**Saved data entries**
_ _ _ _ _
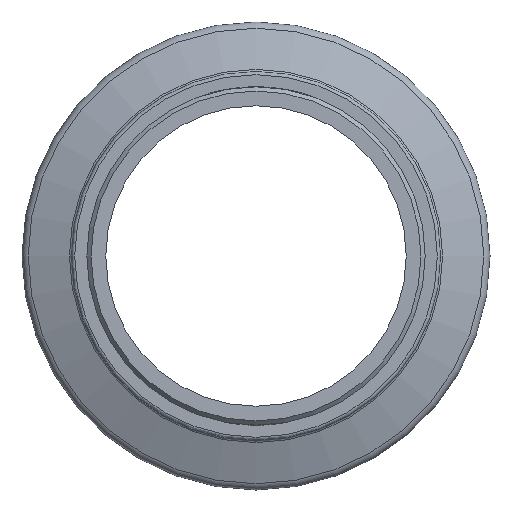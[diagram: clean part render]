
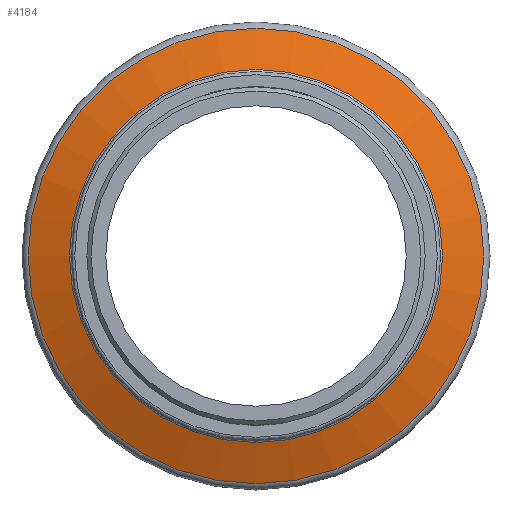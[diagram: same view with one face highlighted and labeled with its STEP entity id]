
A CAD part, left-side view. The second image highlights one B-rep face of the part: STEP entity #4184.
In plain terms, the highlighted conical face has half-angle 70 degrees and reference radius 50.419 mm.
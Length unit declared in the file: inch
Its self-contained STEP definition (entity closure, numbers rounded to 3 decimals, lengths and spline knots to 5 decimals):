
#1110=FACE_BOUND($,#1404,.T.);
#1136=FACE_OUTER_BOUND($,#1403,.T.);
#1403=EDGE_LOOP($,(#3052));
#1404=EDGE_LOOP($,(#3053));
#1706=CIRCLE($,#4499,2.16078);
#1708=CIRCLE($,#4502,1.76974);
#1946=VERTEX_POINT($,#6777);
#1948=VERTEX_POINT($,#6782);
#2389=EDGE_CURVE($,#1946,#1946,#1706,.T.);
#2391=EDGE_CURVE($,#1948,#1948,#1708,.T.);
#3052=ORIENTED_EDGE($,*,*,#2391,.F.);
#3053=ORIENTED_EDGE($,*,*,#2389,.F.);
#4176=CONICAL_SURFACE($,#4501,1.985,70.);
#4184=ADVANCED_FACE($,(#1136,#1110),#4176,.T.);
#4499=AXIS2_PLACEMENT_3D($,#6778,#4868,#4869);
#4501=AXIS2_PLACEMENT_3D($,#6781,#4872,#4873);
#4502=AXIS2_PLACEMENT_3D($,#6783,#4874,#4875);
#4868=DIRECTION('center_axis',(1.,0.,0.));
#4869=DIRECTION('ref_axis',(0.,-1.,0.));
#4872=DIRECTION('center_axis',(1.,0.,0.));
#4873=DIRECTION('ref_axis',(0.,1.,0.));
#4874=DIRECTION('center_axis',(-1.,0.,0.));
#4875=DIRECTION('ref_axis',(0.,-1.,0.));
#6777=CARTESIAN_POINT('',(-0.24355,2.16078,0.));
#6778=CARTESIAN_POINT('Origin',(-0.24355,0.,0.));
#6781=CARTESIAN_POINT('Origin',(-0.30753,0.,0.));
#6782=CARTESIAN_POINT('',(-0.38588,1.76974,0.));
#6783=CARTESIAN_POINT('Origin',(-0.38588,0.,0.));
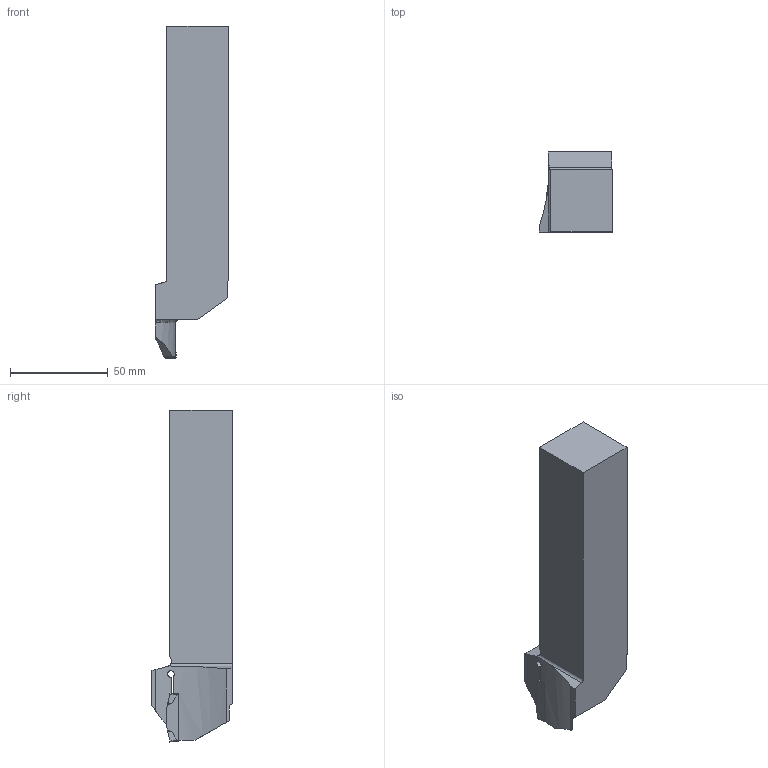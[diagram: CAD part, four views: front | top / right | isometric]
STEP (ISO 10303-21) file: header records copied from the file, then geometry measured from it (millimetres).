
FILE_DESCRIPTION(/* description */ (''),/* implementation_level */ '2;1');
FILE_NAME(/* name */ 'TOOLASSEMBLY_1.STP',/* time_stamp */ '2022-12-22T14:05:24+01:00',/* author */ (''),/* organization */ ('SMS'),/* preprocessor_version */ 'ST-DEVELOPER v16.7',/* originating_system */ 'SIEMENS PLM Software NX 12.0',/* authorisation */ '');
FILE_SCHEMA (('AUTOMOTIVE_DESIGN { 1 0 10303 214 3 1 1 1 }'));
Length unit declared in the file: millimetre
Products named in the file (4): ASSEMBLY_CONSTRUCTION; CUT_20221222140434; NOCUT_20221222140351; TOOLASSEMBLY_1
Assembly tree (3 placements, depth 2):
  TOOLASSEMBLY_1
    NOCUT_20221222140351
    CUT_20221222140434
    ASSEMBLY_CONSTRUCTION
Bounding box: 37.78 x 41.1 x 170 mm (x, y, z)
Volume: 157281.1 mm3; surface area: 24445.6 mm2
Topology: 2 solids, 2 shells, 71 faces, 202 edges, 139 vertices
Faces by surface type: plane 53, cylinder 11, extrusion 4, torus 3
Entity records: 2721 total; most frequent: CARTESIAN_POINT 719, ORIENTED_EDGE 402, DIRECTION 374, EDGE_CURVE 201, VECTOR 142, LINE 138, VERTEX_POINT 134, AXIS2_PLACEMENT_3D 116
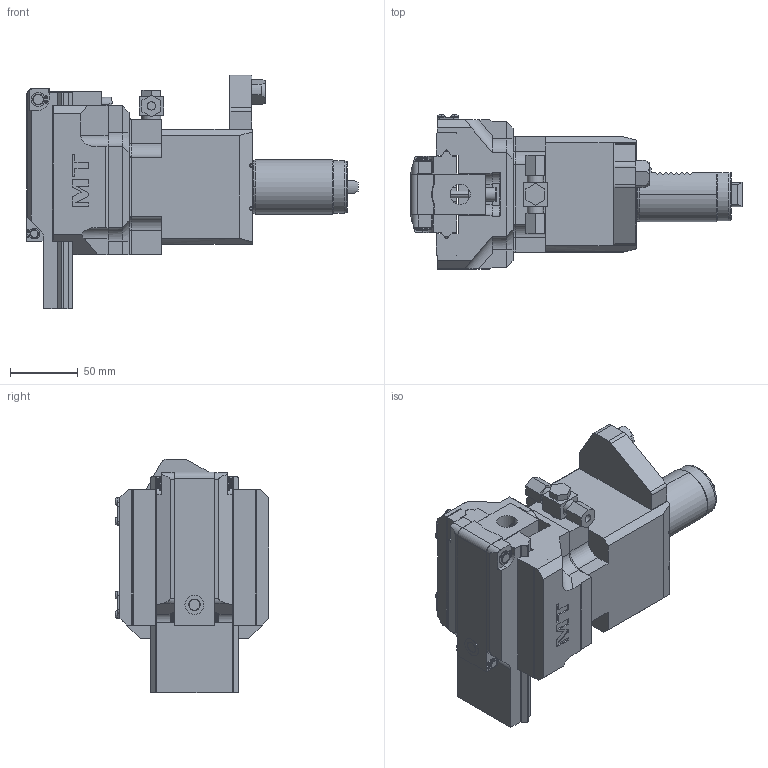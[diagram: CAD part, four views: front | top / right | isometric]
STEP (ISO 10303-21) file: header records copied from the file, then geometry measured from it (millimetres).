
FILE_DESCRIPTION((''),'2;1');
FILE_NAME('MZK0400100_CONF','2025-01-08T09:44:31',('fpalella'),('M.T. srl'),'CREO PARAMETRIC BY PTC INC, 2023352','CREO PARAMETRIC BY PTC INC, 2023352','');
FILE_SCHEMA(('CONFIG_CONTROL_DESIGN'));
Length unit declared in the file: millimetre
Products named in the file (1): MZK0400100_CONF
Bounding box: 245.05 x 113.65 x 172.5 mm (x, y, z)
Volume: 1527600.2 mm3; surface area: 148633.4 mm2
Topology: 1 solids, 1 shells, 609 faces, 1629 edges, 1048 vertices
Faces by surface type: plane 348, cylinder 199, cone 32, torus 18, bspline 8, extrusion 4
Entity records: 20835 total; most frequent: CARTESIAN_POINT 5456, ORIENTED_EDGE 3258, DIRECTION 3116, EDGE_CURVE 1629, VECTOR 1054, LINE 1050, VERTEX_POINT 1048, AXIS2_PLACEMENT_3D 1031
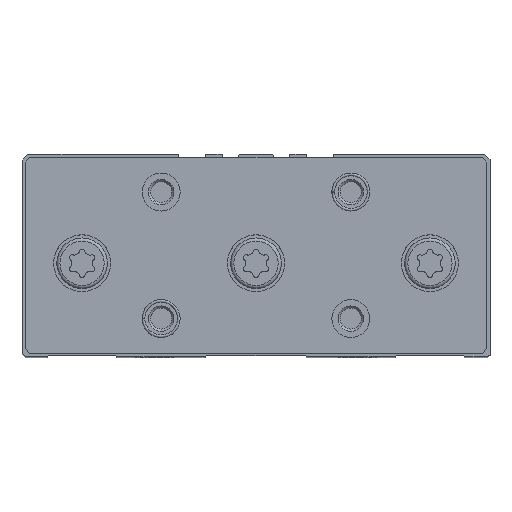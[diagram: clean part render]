
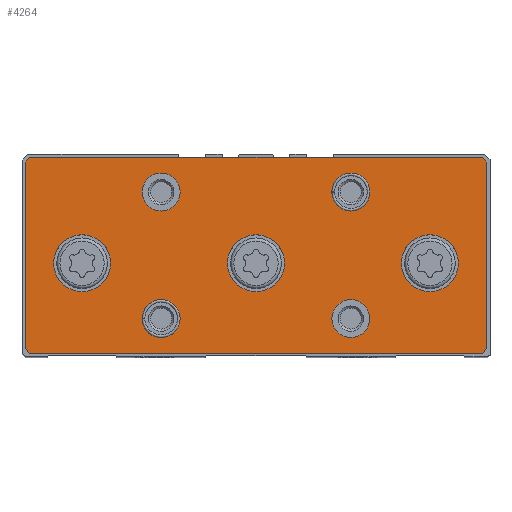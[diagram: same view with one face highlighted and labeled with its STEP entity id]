
A CAD part, top view. The second image highlights one B-rep face of the part: STEP entity #4264.
In plain terms, the highlighted face is planar.
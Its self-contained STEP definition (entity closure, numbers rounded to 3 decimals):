
#400=LINE('',#7344,#638);
#404=LINE('',#7353,#642);
#407=LINE('',#7359,#645);
#410=LINE('',#7365,#648);
#413=LINE('',#7371,#651);
#416=LINE('',#7377,#654);
#419=LINE('',#7383,#657);
#422=LINE('',#7389,#660);
#638=VECTOR('',#6011,1000.);
#642=VECTOR('',#6017,1000.);
#645=VECTOR('',#6022,1000.);
#648=VECTOR('',#6027,1000.);
#651=VECTOR('',#6032,1000.);
#654=VECTOR('',#6037,1000.);
#657=VECTOR('',#6042,1000.);
#660=VECTOR('',#6047,1000.);
#1386=ORIENTED_EDGE('',*,*,#2141,.F.);
#1387=ORIENTED_EDGE('',*,*,#2142,.F.);
#1388=ORIENTED_EDGE('',*,*,#2143,.F.);
#1389=ORIENTED_EDGE('',*,*,#2144,.F.);
#1390=ORIENTED_EDGE('',*,*,#2145,.F.);
#1391=ORIENTED_EDGE('',*,*,#2146,.F.);
#1392=ORIENTED_EDGE('',*,*,#2147,.F.);
#1393=ORIENTED_EDGE('',*,*,#2110,.T.);
#1394=ORIENTED_EDGE('',*,*,#2114,.T.);
#1395=ORIENTED_EDGE('',*,*,#2117,.T.);
#1396=ORIENTED_EDGE('',*,*,#2120,.T.);
#1397=ORIENTED_EDGE('',*,*,#2123,.T.);
#1398=ORIENTED_EDGE('',*,*,#2126,.T.);
#1399=ORIENTED_EDGE('',*,*,#2129,.T.);
#1400=ORIENTED_EDGE('',*,*,#2132,.T.);
#2110=EDGE_CURVE('',#2591,#2592,#400,.T.);
#2114=EDGE_CURVE('',#2592,#2595,#404,.T.);
#2117=EDGE_CURVE('',#2595,#2597,#407,.T.);
#2120=EDGE_CURVE('',#2597,#2599,#410,.T.);
#2123=EDGE_CURVE('',#2599,#2601,#413,.T.);
#2126=EDGE_CURVE('',#2601,#2603,#416,.T.);
#2129=EDGE_CURVE('',#2603,#2605,#419,.T.);
#2132=EDGE_CURVE('',#2605,#2591,#422,.T.);
#2141=EDGE_CURVE('',#2612,#2612,#2912,.T.);
#2142=EDGE_CURVE('',#2613,#2613,#2913,.T.);
#2143=EDGE_CURVE('',#2614,#2614,#2914,.T.);
#2144=EDGE_CURVE('',#2615,#2615,#2915,.T.);
#2145=EDGE_CURVE('',#2616,#2616,#2916,.T.);
#2146=EDGE_CURVE('',#2617,#2617,#2917,.T.);
#2147=EDGE_CURVE('',#2618,#2618,#2918,.T.);
#2591=VERTEX_POINT('',#7345);
#2592=VERTEX_POINT('',#7346);
#2595=VERTEX_POINT('',#7354);
#2597=VERTEX_POINT('',#7360);
#2599=VERTEX_POINT('',#7366);
#2601=VERTEX_POINT('',#7372);
#2603=VERTEX_POINT('',#7378);
#2605=VERTEX_POINT('',#7384);
#2612=VERTEX_POINT('',#7406);
#2613=VERTEX_POINT('',#7408);
#2614=VERTEX_POINT('',#7410);
#2615=VERTEX_POINT('',#7412);
#2616=VERTEX_POINT('',#7414);
#2617=VERTEX_POINT('',#7416);
#2618=VERTEX_POINT('',#7418);
#2912=CIRCLE('',#4951,9.);
#2913=CIRCLE('',#4952,9.);
#2914=CIRCLE('',#4953,9.);
#2915=CIRCLE('',#4954,6.);
#2916=CIRCLE('',#4955,6.);
#2917=CIRCLE('',#4956,6.);
#2918=CIRCLE('',#4957,6.);
#3319=EDGE_LOOP('',(#1386));
#3320=EDGE_LOOP('',(#1387));
#3321=EDGE_LOOP('',(#1388));
#3322=EDGE_LOOP('',(#1389));
#3323=EDGE_LOOP('',(#1390));
#3324=EDGE_LOOP('',(#1391));
#3325=EDGE_LOOP('',(#1392));
#3326=EDGE_LOOP('',(#1393,#1394,#1395,#1396,#1397,#1398,#1399,#1400));
#3799=FACE_BOUND('',#3319,.T.);
#3800=FACE_BOUND('',#3320,.T.);
#3801=FACE_BOUND('',#3321,.T.);
#3802=FACE_BOUND('',#3322,.T.);
#3803=FACE_BOUND('',#3323,.T.);
#3804=FACE_BOUND('',#3324,.T.);
#3805=FACE_BOUND('',#3325,.T.);
#3806=FACE_BOUND('',#3326,.T.);
#4052=PLANE('',#4950);
#4264=ADVANCED_FACE('',(#3799,#3800,#3801,#3802,#3803,#3804,#3805,#3806),
#4052,.F.);
#4950=AXIS2_PLACEMENT_3D('',#7404,#6063,#6064);
#4951=AXIS2_PLACEMENT_3D('',#7405,#6065,#6066);
#4952=AXIS2_PLACEMENT_3D('',#7407,#6067,#6068);
#4953=AXIS2_PLACEMENT_3D('',#7409,#6069,#6070);
#4954=AXIS2_PLACEMENT_3D('',#7411,#6071,#6072);
#4955=AXIS2_PLACEMENT_3D('',#7413,#6073,#6074);
#4956=AXIS2_PLACEMENT_3D('',#7415,#6075,#6076);
#4957=AXIS2_PLACEMENT_3D('',#7417,#6077,#6078);
#6011=DIRECTION('',(0.,-1.,0.));
#6017=DIRECTION('',(0.,-0.707,-0.707));
#6022=DIRECTION('',(0.,0.,-1.));
#6027=DIRECTION('',(0.,0.707,-0.707));
#6032=DIRECTION('',(0.,1.,0.));
#6037=DIRECTION('',(0.,0.707,0.707));
#6042=DIRECTION('',(0.,0.,1.));
#6047=DIRECTION('',(0.,-0.707,0.707));
#6063=DIRECTION('',(-1.,0.,0.));
#6064=DIRECTION('',(0.,0.,1.));
#6065=DIRECTION('',(1.,0.,0.));
#6066=DIRECTION('',(0.,0.,-1.));
#6067=DIRECTION('',(1.,0.,0.));
#6068=DIRECTION('',(0.,0.,-1.));
#6069=DIRECTION('',(1.,0.,0.));
#6070=DIRECTION('',(0.,0.,-1.));
#6071=DIRECTION('',(1.,0.,0.));
#6072=DIRECTION('',(0.,0.,-1.));
#6073=DIRECTION('',(1.,0.,0.));
#6074=DIRECTION('',(0.,0.,-1.));
#6075=DIRECTION('',(1.,0.,0.));
#6076=DIRECTION('',(0.,0.,-1.));
#6077=DIRECTION('',(1.,0.,0.));
#6078=DIRECTION('',(0.,0.,-1.));
#7344=CARTESIAN_POINT('',(18.,32.,73.));
#7345=CARTESIAN_POINT('',(18.,32.,73.));
#7346=CARTESIAN_POINT('',(18.,-27.,73.));
#7353=CARTESIAN_POINT('',(18.,-27.,73.));
#7354=CARTESIAN_POINT('',(18.,-28.5,71.5));
#7359=CARTESIAN_POINT('',(18.,-28.5,71.5));
#7360=CARTESIAN_POINT('',(18.,-28.5,-71.5));
#7365=CARTESIAN_POINT('',(18.,-28.5,-71.5));
#7366=CARTESIAN_POINT('',(18.,-27.,-73.));
#7371=CARTESIAN_POINT('',(18.,-27.,-73.));
#7372=CARTESIAN_POINT('',(18.,32.,-73.));
#7377=CARTESIAN_POINT('',(18.,32.,-73.));
#7378=CARTESIAN_POINT('',(18.,33.5,-71.5));
#7383=CARTESIAN_POINT('',(18.,33.5,-71.5));
#7384=CARTESIAN_POINT('',(18.,33.5,71.5));
#7389=CARTESIAN_POINT('',(18.,33.5,71.5));
#7404=CARTESIAN_POINT('',(18.,0.,-65.));
#7405=CARTESIAN_POINT('',(18.,0.,-55.));
#7406=CARTESIAN_POINT('',(18.,0.,-64.));
#7407=CARTESIAN_POINT('',(18.,0.,55.));
#7408=CARTESIAN_POINT('',(18.,0.,46.));
#7409=CARTESIAN_POINT('',(18.,0.,0.));
#7410=CARTESIAN_POINT('',(18.,0.,-9.));
#7411=CARTESIAN_POINT('',(18.,-17.5,30.));
#7412=CARTESIAN_POINT('',(18.,-17.5,24.));
#7413=CARTESIAN_POINT('',(18.,-17.5,-30.));
#7414=CARTESIAN_POINT('',(18.,-17.5,-36.));
#7415=CARTESIAN_POINT('',(18.,22.5,30.));
#7416=CARTESIAN_POINT('',(18.,22.5,24.));
#7417=CARTESIAN_POINT('',(18.,22.5,-30.));
#7418=CARTESIAN_POINT('',(18.,22.5,-36.));
_ _ _ _ _
**EXERCISE REQUIREMENTS**
Exactly as written, repeat the lines from the beginning of the entries up to and including the line with "Length unit declared in the file: inch", but not the pictures.

**RESPONSE TO THE EXERCISE**
[diagram: clean part render]
[diagram: same view with one face highlighted and labeled with its STEP entity id]
A CAD part, left-side view. The second image highlights one B-rep face of the part: STEP entity #4184.
In plain terms, the highlighted conical face has half-angle 70 degrees and reference radius 50.419 mm.
Length unit declared in the file: inch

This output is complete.